EXERCISE DETAILS
From the first line to the last, print the data exactly as it appears.

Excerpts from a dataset
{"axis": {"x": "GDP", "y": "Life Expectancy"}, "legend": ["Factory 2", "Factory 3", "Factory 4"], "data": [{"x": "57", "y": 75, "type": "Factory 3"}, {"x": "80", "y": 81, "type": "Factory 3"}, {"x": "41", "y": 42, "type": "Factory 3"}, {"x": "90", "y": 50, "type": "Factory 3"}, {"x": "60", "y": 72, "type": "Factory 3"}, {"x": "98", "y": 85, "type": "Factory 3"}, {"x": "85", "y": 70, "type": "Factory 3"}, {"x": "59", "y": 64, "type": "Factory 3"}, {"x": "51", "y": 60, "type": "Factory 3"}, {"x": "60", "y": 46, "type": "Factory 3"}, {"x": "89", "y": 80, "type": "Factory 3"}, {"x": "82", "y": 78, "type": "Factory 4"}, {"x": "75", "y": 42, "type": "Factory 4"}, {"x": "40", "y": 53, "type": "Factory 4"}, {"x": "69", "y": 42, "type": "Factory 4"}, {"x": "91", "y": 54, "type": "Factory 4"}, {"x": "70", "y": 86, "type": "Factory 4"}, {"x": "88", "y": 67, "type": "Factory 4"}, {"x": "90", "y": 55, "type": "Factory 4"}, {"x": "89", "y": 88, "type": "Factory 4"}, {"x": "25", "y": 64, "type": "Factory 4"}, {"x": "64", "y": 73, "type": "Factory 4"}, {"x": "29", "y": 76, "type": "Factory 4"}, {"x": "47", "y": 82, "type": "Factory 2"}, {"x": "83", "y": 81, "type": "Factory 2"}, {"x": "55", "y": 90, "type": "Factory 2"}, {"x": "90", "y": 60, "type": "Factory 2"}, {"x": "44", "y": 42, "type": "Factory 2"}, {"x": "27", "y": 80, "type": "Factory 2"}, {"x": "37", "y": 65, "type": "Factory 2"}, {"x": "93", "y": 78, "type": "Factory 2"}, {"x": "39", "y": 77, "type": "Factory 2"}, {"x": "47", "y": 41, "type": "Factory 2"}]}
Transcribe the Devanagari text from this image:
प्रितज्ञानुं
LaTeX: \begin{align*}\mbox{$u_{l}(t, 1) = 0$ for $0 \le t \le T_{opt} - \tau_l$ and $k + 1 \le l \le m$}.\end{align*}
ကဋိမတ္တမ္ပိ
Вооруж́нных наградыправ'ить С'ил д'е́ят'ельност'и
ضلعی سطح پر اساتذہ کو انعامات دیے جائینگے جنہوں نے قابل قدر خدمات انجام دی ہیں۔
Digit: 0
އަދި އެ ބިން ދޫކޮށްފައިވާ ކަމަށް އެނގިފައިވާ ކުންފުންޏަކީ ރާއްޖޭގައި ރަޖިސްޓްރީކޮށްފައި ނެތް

TASK OUTPUT
{"axis": {"x": "GDP", "y": "Life Expectancy"}, "legend": ["Factory 2", "Factory 3", "Factory 4"], "data": [{"x": "57", "y": 75, "type": "Factory 3"}, {"x": "80", "y": 81, "type": "Factory 3"}, {"x": "41", "y": 42, "type": "Factory 3"}, {"x": "90", "y": 50, "type": "Factory 3"}, {"x": "60", "y": 72, "type": "Factory 3"}, {"x": "98", "y": 85, "type": "Factory 3"}, {"x": "85", "y": 70, "type": "Factory 3"}, {"x": "59", "y": 64, "type": "Factory 3"}, {"x": "51", "y": 60, "type": "Factory 3"}, {"x": "60", "y": 46, "type": "Factory 3"}, {"x": "89", "y": 80, "type": "Factory 3"}, {"x": "82", "y": 78, "type": "Factory 4"}, {"x": "75", "y": 42, "type": "Factory 4"}, {"x": "40", "y": 53, "type": "Factory 4"}, {"x": "69", "y": 42, "type": "Factory 4"}, {"x": "91", "y": 54, "type": "Factory 4"}, {"x": "70", "y": 86, "type": "Factory 4"}, {"x": "88", "y": 67, "type": "Factory 4"}, {"x": "90", "y": 55, "type": "Factory 4"}, {"x": "89", "y": 88, "type": "Factory 4"}, {"x": "25", "y": 64, "type": "Factory 4"}, {"x": "64", "y": 73, "type": "Factory 4"}, {"x": "29", "y": 76, "type": "Factory 4"}, {"x": "47", "y": 82, "type": "Factory 2"}, {"x": "83", "y": 81, "type": "Factory 2"}, {"x": "55", "y": 90, "type": "Factory 2"}, {"x": "90", "y": 60, "type": "Factory 2"}, {"x": "44", "y": 42, "type": "Factory 2"}, {"x": "27", "y": 80, "type": "Factory 2"}, {"x": "37", "y": 65, "type": "Factory 2"}, {"x": "93", "y": 78, "type": "Factory 2"}, {"x": "39", "y": 77, "type": "Factory 2"}, {"x": "47", "y": 41, "type": "Factory 2"}]}
Transcribe the Devanagari text from this image:
प्रितज्ञानुं
LaTeX: \begin{align*}\mbox{$u_{l}(t, 1) = 0$ for $0 \le t \le T_{opt} - \tau_l$ and $k + 1 \le l \le m$}.\end{align*}
ကဋိမတ္တမ္ပိ
Вооруж́нных наградыправ'ить С'ил д'е́ят'ельност'и
ضلعی سطح پر اساتذہ کو انعامات دیے جائینگے جنہوں نے قابل قدر خدمات انجام دی ہیں۔
Digit: 0
އަދި އެ ބިން ދޫކޮށްފައިވާ ކަމަށް އެނގިފައިވާ ކުންފުންޏަކީ ރާއްޖޭގައި ރަޖިސްޓްރީކޮށްފައި ނެތް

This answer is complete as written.